§ **Task instructions**:
Write out exactly the lines of the entries below from the one holding "Q 323.546 595.009, 325.016 597.671" to the one holding "L 308.964 606.77", inclusive, and leave out all other lines.

Stored records

*** Block opens ***

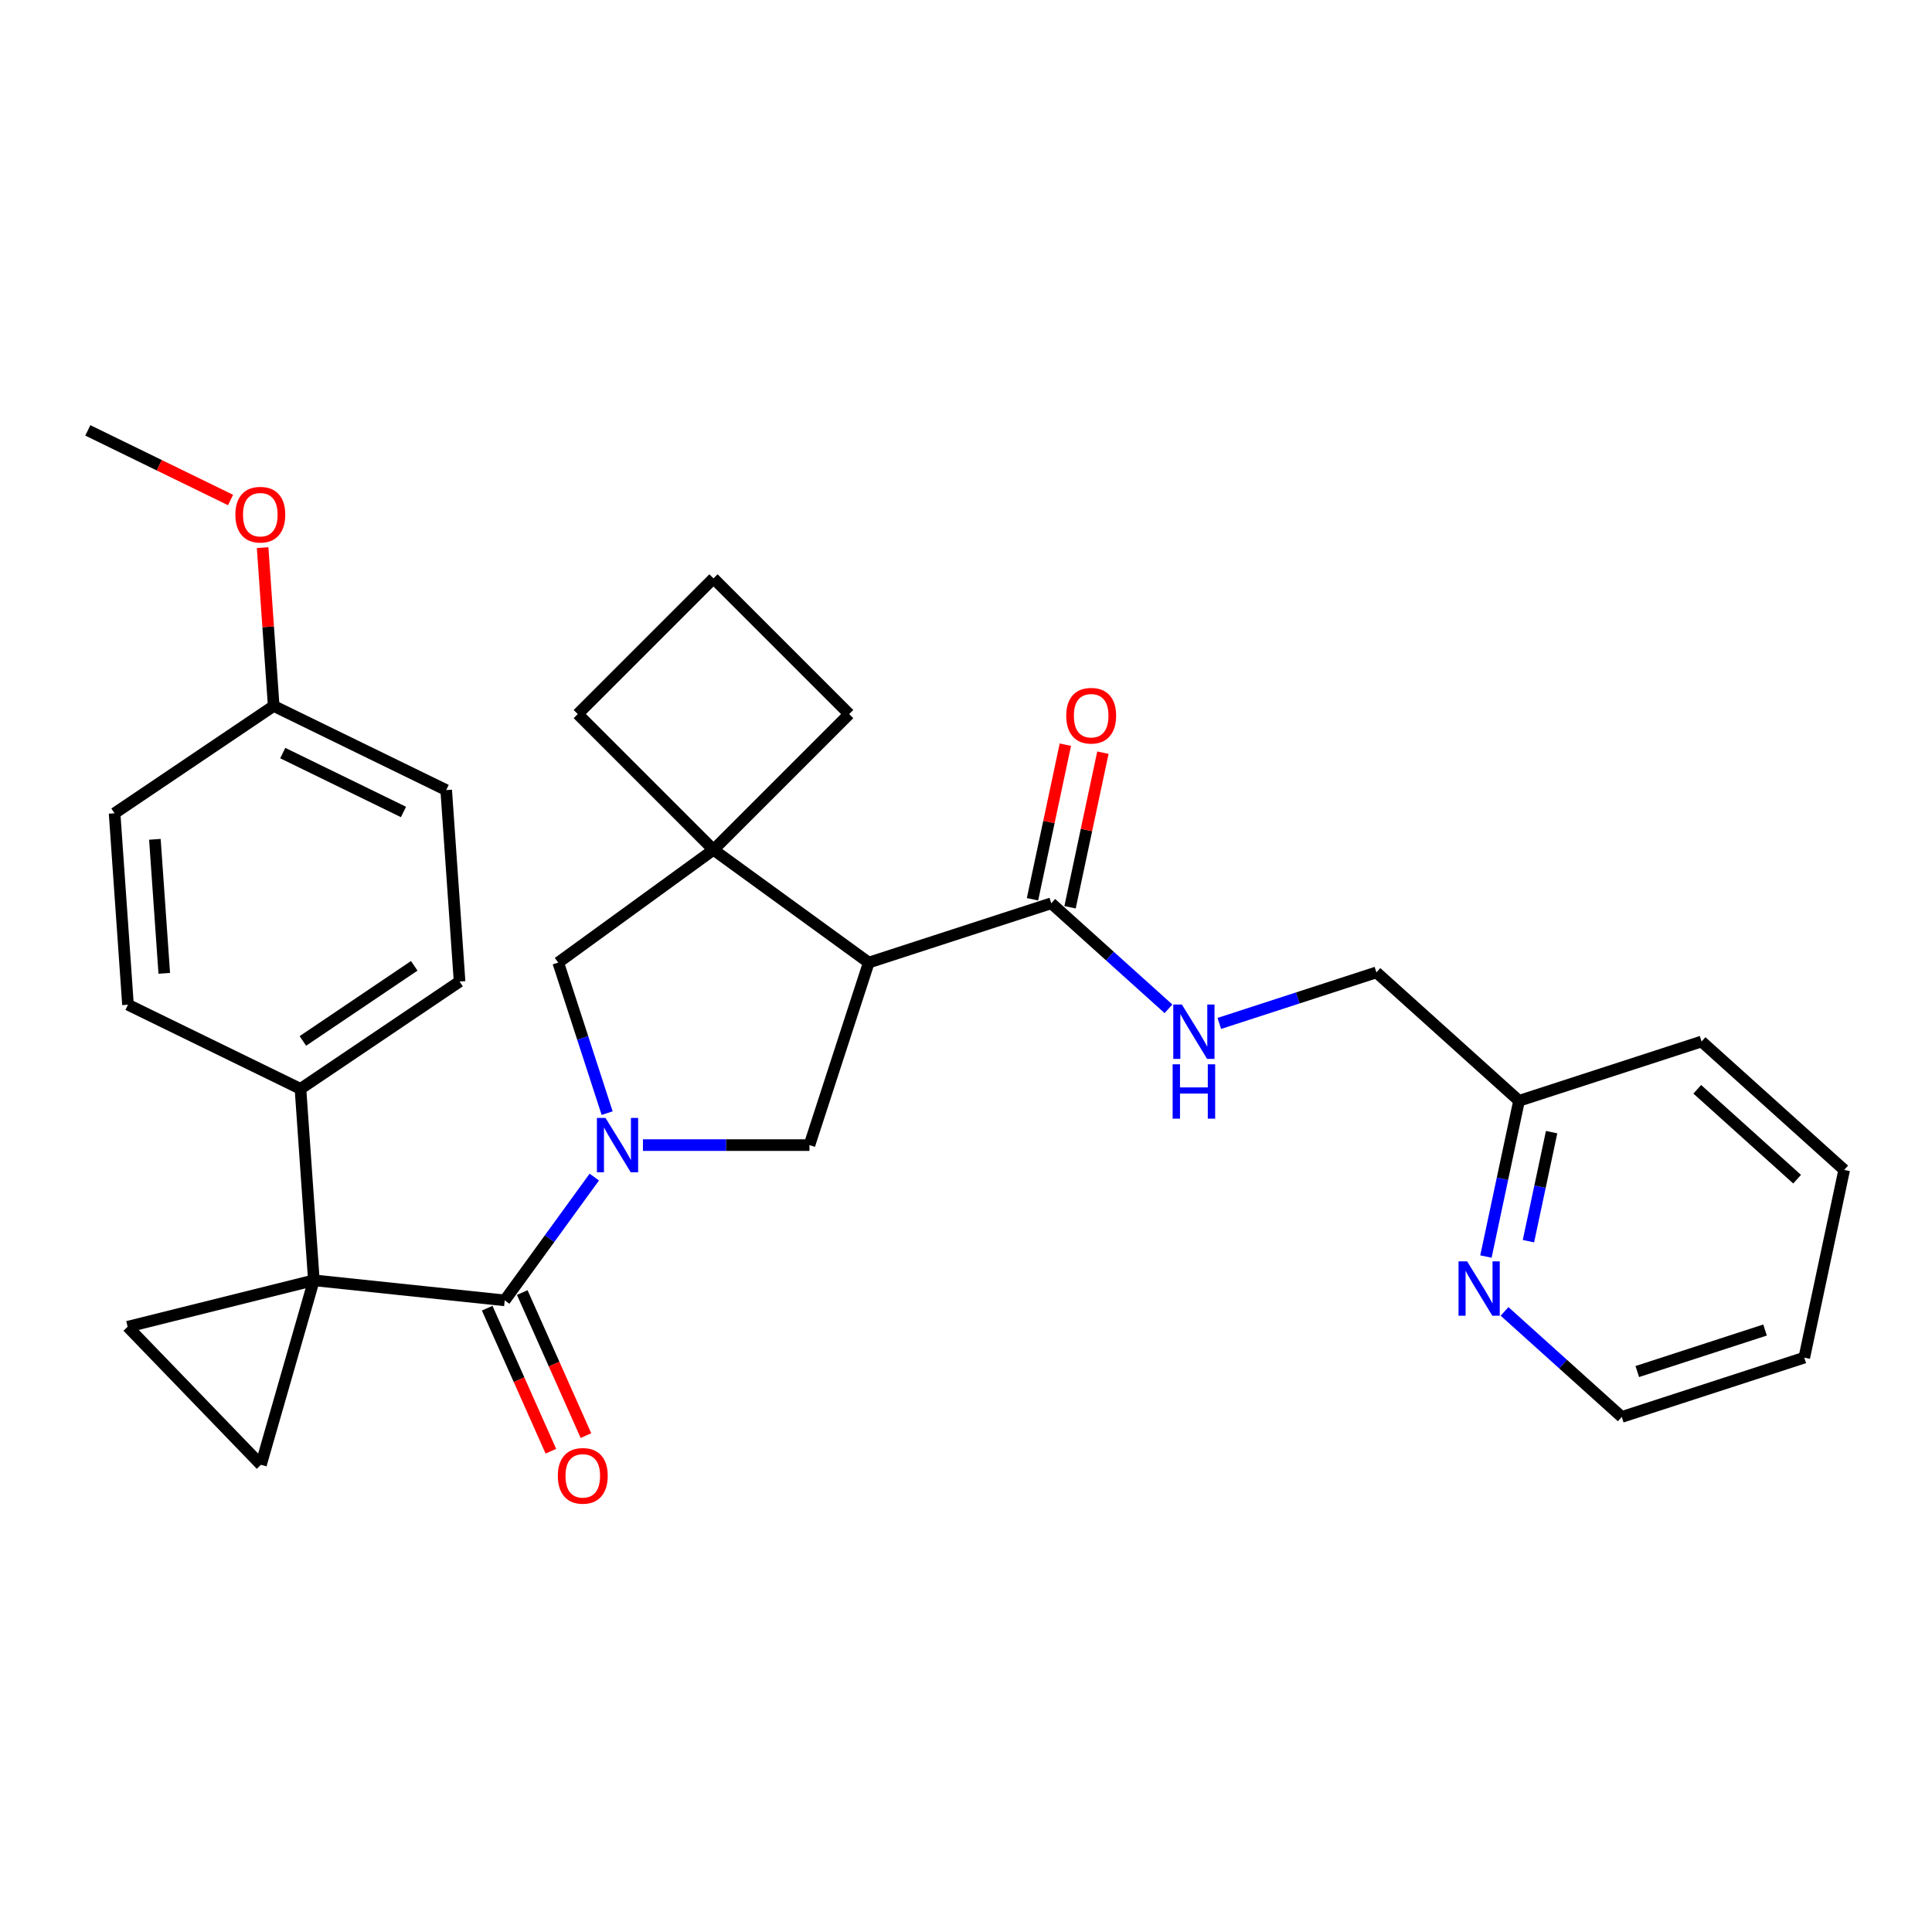 <?xml version='1.0' encoding='iso-8859-1'?>
<svg version='1.1' baseProfile='full'
              xmlns='http://www.w3.org/2000/svg'
                      xmlns:rdkit='http://www.rdkit.org/xml'
                      xmlns:xlink='http://www.w3.org/1999/xlink'
                  xml:space='preserve'
width='1000px' height='1000px' viewBox='0 0 1000 1000'>
<!-- END OF HEADER -->
<rect style='opacity:1.0;fill:#FFFFFF;stroke:none' width='1000' height='1000' x='0' y='0'> </rect>
<path class='bond-1' d='M 162.454,662.685 L 261.245,673.068' style='fill:none;fill-rule:evenodd;stroke:#000000;stroke-width:6px;stroke-linecap:butt;stroke-linejoin:miter;stroke-opacity:1' />
<path class='bond-5' d='M 162.454,662.685 L 66.069,686.716' style='fill:none;fill-rule:evenodd;stroke:#000000;stroke-width:6px;stroke-linecap:butt;stroke-linejoin:miter;stroke-opacity:1' />
<path class='bond-6' d='M 162.454,662.685 L 135.073,758.172' style='fill:none;fill-rule:evenodd;stroke:#000000;stroke-width:6px;stroke-linecap:butt;stroke-linejoin:miter;stroke-opacity:1' />
<path class='bond-9' d='M 162.454,662.685 L 155.524,563.592' style='fill:none;fill-rule:evenodd;stroke:#000000;stroke-width:6px;stroke-linecap:butt;stroke-linejoin:miter;stroke-opacity:1' />
<path class='bond-0' d='M 307.609,609.254 L 284.427,641.161' style='fill:none;fill-rule:evenodd;stroke:#0000FF;stroke-width:6px;stroke-linecap:butt;stroke-linejoin:miter;stroke-opacity:1' />
<path class='bond-0' d='M 284.427,641.161 L 261.245,673.068' style='fill:none;fill-rule:evenodd;stroke:#000000;stroke-width:6px;stroke-linecap:butt;stroke-linejoin:miter;stroke-opacity:1' />
<path class='bond-3' d='M 332.784,592.704 L 375.876,592.704' style='fill:none;fill-rule:evenodd;stroke:#0000FF;stroke-width:6px;stroke-linecap:butt;stroke-linejoin:miter;stroke-opacity:1' />
<path class='bond-3' d='M 375.876,592.704 L 418.968,592.704' style='fill:none;fill-rule:evenodd;stroke:#000000;stroke-width:6px;stroke-linecap:butt;stroke-linejoin:miter;stroke-opacity:1' />
<path class='bond-8' d='M 314.255,576.155 L 301.596,537.193' style='fill:none;fill-rule:evenodd;stroke:#0000FF;stroke-width:6px;stroke-linecap:butt;stroke-linejoin:miter;stroke-opacity:1' />
<path class='bond-8' d='M 301.596,537.193 L 288.936,498.231' style='fill:none;fill-rule:evenodd;stroke:#000000;stroke-width:6px;stroke-linecap:butt;stroke-linejoin:miter;stroke-opacity:1' />
<path class='bond-11' d='M 252.17,677.109 L 268.652,714.128' style='fill:none;fill-rule:evenodd;stroke:#000000;stroke-width:6px;stroke-linecap:butt;stroke-linejoin:miter;stroke-opacity:1' />
<path class='bond-11' d='M 268.652,714.128 L 285.134,751.148' style='fill:none;fill-rule:evenodd;stroke:#FF0000;stroke-width:6px;stroke-linecap:butt;stroke-linejoin:miter;stroke-opacity:1' />
<path class='bond-11' d='M 270.319,669.028 L 286.801,706.048' style='fill:none;fill-rule:evenodd;stroke:#000000;stroke-width:6px;stroke-linecap:butt;stroke-linejoin:miter;stroke-opacity:1' />
<path class='bond-11' d='M 286.801,706.048 L 303.284,743.067' style='fill:none;fill-rule:evenodd;stroke:#FF0000;stroke-width:6px;stroke-linecap:butt;stroke-linejoin:miter;stroke-opacity:1' />
<path class='bond-2' d='M 449.664,498.231 L 418.968,592.704' style='fill:none;fill-rule:evenodd;stroke:#000000;stroke-width:6px;stroke-linecap:butt;stroke-linejoin:miter;stroke-opacity:1' />
<path class='bond-7' d='M 449.664,498.231 L 544.137,467.535' style='fill:none;fill-rule:evenodd;stroke:#000000;stroke-width:6px;stroke-linecap:butt;stroke-linejoin:miter;stroke-opacity:1' />
<path class='bond-32' d='M 449.664,498.231 L 369.3,439.843' style='fill:none;fill-rule:evenodd;stroke:#000000;stroke-width:6px;stroke-linecap:butt;stroke-linejoin:miter;stroke-opacity:1' />
<path class='bond-4' d='M 369.3,439.843 L 288.936,498.231' style='fill:none;fill-rule:evenodd;stroke:#000000;stroke-width:6px;stroke-linecap:butt;stroke-linejoin:miter;stroke-opacity:1' />
<path class='bond-19' d='M 369.3,439.843 L 439.541,369.603' style='fill:none;fill-rule:evenodd;stroke:#000000;stroke-width:6px;stroke-linecap:butt;stroke-linejoin:miter;stroke-opacity:1' />
<path class='bond-20' d='M 369.3,439.843 L 299.059,369.603' style='fill:none;fill-rule:evenodd;stroke:#000000;stroke-width:6px;stroke-linecap:butt;stroke-linejoin:miter;stroke-opacity:1' />
<path class='bond-30' d='M 66.069,686.716 L 135.073,758.172' style='fill:none;fill-rule:evenodd;stroke:#000000;stroke-width:6px;stroke-linecap:butt;stroke-linejoin:miter;stroke-opacity:1' />
<path class='bond-10' d='M 544.137,467.535 L 574.472,494.848' style='fill:none;fill-rule:evenodd;stroke:#000000;stroke-width:6px;stroke-linecap:butt;stroke-linejoin:miter;stroke-opacity:1' />
<path class='bond-10' d='M 574.472,494.848 L 604.806,522.161' style='fill:none;fill-rule:evenodd;stroke:#0000FF;stroke-width:6px;stroke-linecap:butt;stroke-linejoin:miter;stroke-opacity:1' />
<path class='bond-13' d='M 553.854,469.6 L 562.358,429.59' style='fill:none;fill-rule:evenodd;stroke:#000000;stroke-width:6px;stroke-linecap:butt;stroke-linejoin:miter;stroke-opacity:1' />
<path class='bond-13' d='M 562.358,429.59 L 570.862,389.581' style='fill:none;fill-rule:evenodd;stroke:#FF0000;stroke-width:6px;stroke-linecap:butt;stroke-linejoin:miter;stroke-opacity:1' />
<path class='bond-13' d='M 534.421,465.469 L 542.925,425.46' style='fill:none;fill-rule:evenodd;stroke:#000000;stroke-width:6px;stroke-linecap:butt;stroke-linejoin:miter;stroke-opacity:1' />
<path class='bond-13' d='M 542.925,425.46 L 551.429,385.45' style='fill:none;fill-rule:evenodd;stroke:#FF0000;stroke-width:6px;stroke-linecap:butt;stroke-linejoin:miter;stroke-opacity:1' />
<path class='bond-14' d='M 155.524,563.592 L 237.877,508.044' style='fill:none;fill-rule:evenodd;stroke:#000000;stroke-width:6px;stroke-linecap:butt;stroke-linejoin:miter;stroke-opacity:1' />
<path class='bond-14' d='M 156.768,538.789 L 214.414,499.906' style='fill:none;fill-rule:evenodd;stroke:#000000;stroke-width:6px;stroke-linecap:butt;stroke-linejoin:miter;stroke-opacity:1' />
<path class='bond-15' d='M 155.524,563.592 L 66.242,520.046' style='fill:none;fill-rule:evenodd;stroke:#000000;stroke-width:6px;stroke-linecap:butt;stroke-linejoin:miter;stroke-opacity:1' />
<path class='bond-16' d='M 631.11,529.73 L 671.77,516.518' style='fill:none;fill-rule:evenodd;stroke:#0000FF;stroke-width:6px;stroke-linecap:butt;stroke-linejoin:miter;stroke-opacity:1' />
<path class='bond-16' d='M 671.77,516.518 L 712.431,503.307' style='fill:none;fill-rule:evenodd;stroke:#000000;stroke-width:6px;stroke-linecap:butt;stroke-linejoin:miter;stroke-opacity:1' />
<path class='bond-12' d='M 769.116,650.39 L 777.684,610.083' style='fill:none;fill-rule:evenodd;stroke:#0000FF;stroke-width:6px;stroke-linecap:butt;stroke-linejoin:miter;stroke-opacity:1' />
<path class='bond-12' d='M 777.684,610.083 L 786.252,569.775' style='fill:none;fill-rule:evenodd;stroke:#000000;stroke-width:6px;stroke-linecap:butt;stroke-linejoin:miter;stroke-opacity:1' />
<path class='bond-12' d='M 791.119,642.429 L 797.117,614.213' style='fill:none;fill-rule:evenodd;stroke:#0000FF;stroke-width:6px;stroke-linecap:butt;stroke-linejoin:miter;stroke-opacity:1' />
<path class='bond-12' d='M 797.117,614.213 L 803.114,585.998' style='fill:none;fill-rule:evenodd;stroke:#000000;stroke-width:6px;stroke-linecap:butt;stroke-linejoin:miter;stroke-opacity:1' />
<path class='bond-25' d='M 778.751,678.782 L 809.085,706.095' style='fill:none;fill-rule:evenodd;stroke:#0000FF;stroke-width:6px;stroke-linecap:butt;stroke-linejoin:miter;stroke-opacity:1' />
<path class='bond-25' d='M 809.085,706.095 L 839.419,733.408' style='fill:none;fill-rule:evenodd;stroke:#000000;stroke-width:6px;stroke-linecap:butt;stroke-linejoin:miter;stroke-opacity:1' />
<path class='bond-22' d='M 237.877,508.044 L 230.948,408.951' style='fill:none;fill-rule:evenodd;stroke:#000000;stroke-width:6px;stroke-linecap:butt;stroke-linejoin:miter;stroke-opacity:1' />
<path class='bond-21' d='M 66.242,520.046 L 59.313,420.953' style='fill:none;fill-rule:evenodd;stroke:#000000;stroke-width:6px;stroke-linecap:butt;stroke-linejoin:miter;stroke-opacity:1' />
<path class='bond-21' d='M 85.022,503.796 L 80.171,434.431' style='fill:none;fill-rule:evenodd;stroke:#000000;stroke-width:6px;stroke-linecap:butt;stroke-linejoin:miter;stroke-opacity:1' />
<path class='bond-17' d='M 712.431,503.307 L 786.252,569.775' style='fill:none;fill-rule:evenodd;stroke:#000000;stroke-width:6px;stroke-linecap:butt;stroke-linejoin:miter;stroke-opacity:1' />
<path class='bond-26' d='M 786.252,569.775 L 880.725,539.079' style='fill:none;fill-rule:evenodd;stroke:#000000;stroke-width:6px;stroke-linecap:butt;stroke-linejoin:miter;stroke-opacity:1' />
<path class='bond-18' d='M 141.666,365.405 L 59.313,420.953' style='fill:none;fill-rule:evenodd;stroke:#000000;stroke-width:6px;stroke-linecap:butt;stroke-linejoin:miter;stroke-opacity:1' />
<path class='bond-23' d='M 141.666,365.405 L 138.801,324.431' style='fill:none;fill-rule:evenodd;stroke:#000000;stroke-width:6px;stroke-linecap:butt;stroke-linejoin:miter;stroke-opacity:1' />
<path class='bond-23' d='M 138.801,324.431 L 135.935,283.457' style='fill:none;fill-rule:evenodd;stroke:#FF0000;stroke-width:6px;stroke-linecap:butt;stroke-linejoin:miter;stroke-opacity:1' />
<path class='bond-31' d='M 141.666,365.405 L 230.948,408.951' style='fill:none;fill-rule:evenodd;stroke:#000000;stroke-width:6px;stroke-linecap:butt;stroke-linejoin:miter;stroke-opacity:1' />
<path class='bond-31' d='M 146.349,389.793 L 208.846,420.275' style='fill:none;fill-rule:evenodd;stroke:#000000;stroke-width:6px;stroke-linecap:butt;stroke-linejoin:miter;stroke-opacity:1' />
<path class='bond-33' d='M 439.541,369.603 L 369.3,299.362' style='fill:none;fill-rule:evenodd;stroke:#000000;stroke-width:6px;stroke-linecap:butt;stroke-linejoin:miter;stroke-opacity:1' />
<path class='bond-24' d='M 299.059,369.603 L 369.3,299.362' style='fill:none;fill-rule:evenodd;stroke:#000000;stroke-width:6px;stroke-linecap:butt;stroke-linejoin:miter;stroke-opacity:1' />
<path class='bond-27' d='M 119.339,258.802 L 82.397,240.784' style='fill:none;fill-rule:evenodd;stroke:#FF0000;stroke-width:6px;stroke-linecap:butt;stroke-linejoin:miter;stroke-opacity:1' />
<path class='bond-27' d='M 82.397,240.784 L 45.455,222.766' style='fill:none;fill-rule:evenodd;stroke:#000000;stroke-width:6px;stroke-linecap:butt;stroke-linejoin:miter;stroke-opacity:1' />
<path class='bond-34' d='M 839.419,733.408 L 933.893,702.711' style='fill:none;fill-rule:evenodd;stroke:#000000;stroke-width:6px;stroke-linecap:butt;stroke-linejoin:miter;stroke-opacity:1' />
<path class='bond-34' d='M 847.451,709.909 L 913.582,688.421' style='fill:none;fill-rule:evenodd;stroke:#000000;stroke-width:6px;stroke-linecap:butt;stroke-linejoin:miter;stroke-opacity:1' />
<path class='bond-29' d='M 880.725,539.079 L 954.545,605.547' style='fill:none;fill-rule:evenodd;stroke:#000000;stroke-width:6px;stroke-linecap:butt;stroke-linejoin:miter;stroke-opacity:1' />
<path class='bond-29' d='M 878.504,563.813 L 930.179,610.341' style='fill:none;fill-rule:evenodd;stroke:#000000;stroke-width:6px;stroke-linecap:butt;stroke-linejoin:miter;stroke-opacity:1' />
<path class='bond-28' d='M 933.893,702.711 L 954.545,605.547' style='fill:none;fill-rule:evenodd;stroke:#000000;stroke-width:6px;stroke-linecap:butt;stroke-linejoin:miter;stroke-opacity:1' />
<path  class='atom-1' d='M 313.414 578.639
L 322.632 593.539
Q 323.546 595.009, 325.016 597.671
Q 326.487 600.333, 326.566 600.492
L 326.566 578.639
L 330.301 578.639
L 330.301 606.77
L 326.447 606.77
L 316.553 590.479
Q 315.401 588.572, 314.169 586.387
Q 312.977 584.201, 312.619 583.526
L 312.619 606.77
L 308.964 606.77
L 308.964 578.639
L 313.414 578.639
' fill='#0000FF'/>
<path  class='atom-11' d='M 611.739 519.937
L 620.958 534.837
Q 621.872 536.308, 623.342 538.97
Q 624.812 541.632, 624.891 541.791
L 624.891 519.937
L 628.626 519.937
L 628.626 548.069
L 624.772 548.069
L 614.878 531.778
Q 613.726 529.871, 612.494 527.685
Q 611.302 525.5, 610.945 524.824
L 610.945 548.069
L 607.289 548.069
L 607.289 519.937
L 611.739 519.937
' fill='#0000FF'/>
<path  class='atom-11' d='M 606.951 550.882
L 610.766 550.882
L 610.766 562.842
L 625.15 562.842
L 625.15 550.882
L 628.964 550.882
L 628.964 579.014
L 625.15 579.014
L 625.15 566.021
L 610.766 566.021
L 610.766 579.014
L 606.951 579.014
L 606.951 550.882
' fill='#0000FF'/>
<path  class='atom-12' d='M 288.734 763.895
Q 288.734 757.14, 292.072 753.365
Q 295.41 749.591, 301.648 749.591
Q 307.886 749.591, 311.224 753.365
Q 314.561 757.14, 314.561 763.895
Q 314.561 770.729, 311.184 774.623
Q 307.807 778.477, 301.648 778.477
Q 295.449 778.477, 292.072 774.623
Q 288.734 770.769, 288.734 763.895
M 301.648 775.299
Q 305.939 775.299, 308.244 772.438
Q 310.588 769.537, 310.588 763.895
Q 310.588 758.372, 308.244 755.591
Q 305.939 752.769, 301.648 752.769
Q 297.357 752.769, 295.012 755.551
Q 292.708 758.332, 292.708 763.895
Q 292.708 769.577, 295.012 772.438
Q 297.357 775.299, 301.648 775.299
' fill='#FF0000'/>
<path  class='atom-13' d='M 759.38 652.874
L 768.599 667.774
Q 769.512 669.244, 770.983 671.906
Q 772.453 674.568, 772.532 674.727
L 772.532 652.874
L 776.267 652.874
L 776.267 681.005
L 772.413 681.005
L 762.519 664.714
Q 761.367 662.807, 760.135 660.622
Q 758.943 658.436, 758.586 657.761
L 758.586 681.005
L 754.93 681.005
L 754.93 652.874
L 759.38 652.874
' fill='#0000FF'/>
<path  class='atom-14' d='M 551.877 370.45
Q 551.877 363.695, 555.214 359.92
Q 558.552 356.145, 564.79 356.145
Q 571.028 356.145, 574.366 359.92
Q 577.704 363.695, 577.704 370.45
Q 577.704 377.284, 574.326 381.178
Q 570.949 385.032, 564.79 385.032
Q 558.592 385.032, 555.214 381.178
Q 551.877 377.324, 551.877 370.45
M 564.79 381.853
Q 569.082 381.853, 571.386 378.993
Q 573.73 376.092, 573.73 370.45
Q 573.73 364.927, 571.386 362.145
Q 569.082 359.324, 564.79 359.324
Q 560.499 359.324, 558.155 362.106
Q 555.85 364.887, 555.85 370.45
Q 555.85 376.132, 558.155 378.993
Q 560.499 381.853, 564.79 381.853
' fill='#FF0000'/>
<path  class='atom-24' d='M 121.823 266.391
Q 121.823 259.637, 125.161 255.862
Q 128.498 252.087, 134.736 252.087
Q 140.975 252.087, 144.312 255.862
Q 147.65 259.637, 147.65 266.391
Q 147.65 273.226, 144.273 277.12
Q 140.895 280.974, 134.736 280.974
Q 128.538 280.974, 125.161 277.12
Q 121.823 273.265, 121.823 266.391
M 134.736 277.795
Q 139.028 277.795, 141.332 274.934
Q 143.677 272.034, 143.677 266.391
Q 143.677 260.868, 141.332 258.087
Q 139.028 255.266, 134.736 255.266
Q 130.445 255.266, 128.101 258.047
Q 125.796 260.829, 125.796 266.391
Q 125.796 272.073, 128.101 274.934
Q 130.445 277.795, 134.736 277.795
' fill='#FF0000'/>
</svg>

*** Block closes ***

§ **Answer to the exercise**:
Q 323.546 595.009, 325.016 597.671
Q 326.487 600.333, 326.566 600.492
L 326.566 578.639
L 330.301 578.639
L 330.301 606.77
L 326.447 606.77
L 316.553 590.479
Q 315.401 588.572, 314.169 586.387
Q 312.977 584.201, 312.619 583.526
L 312.619 606.77
L 308.964 606.77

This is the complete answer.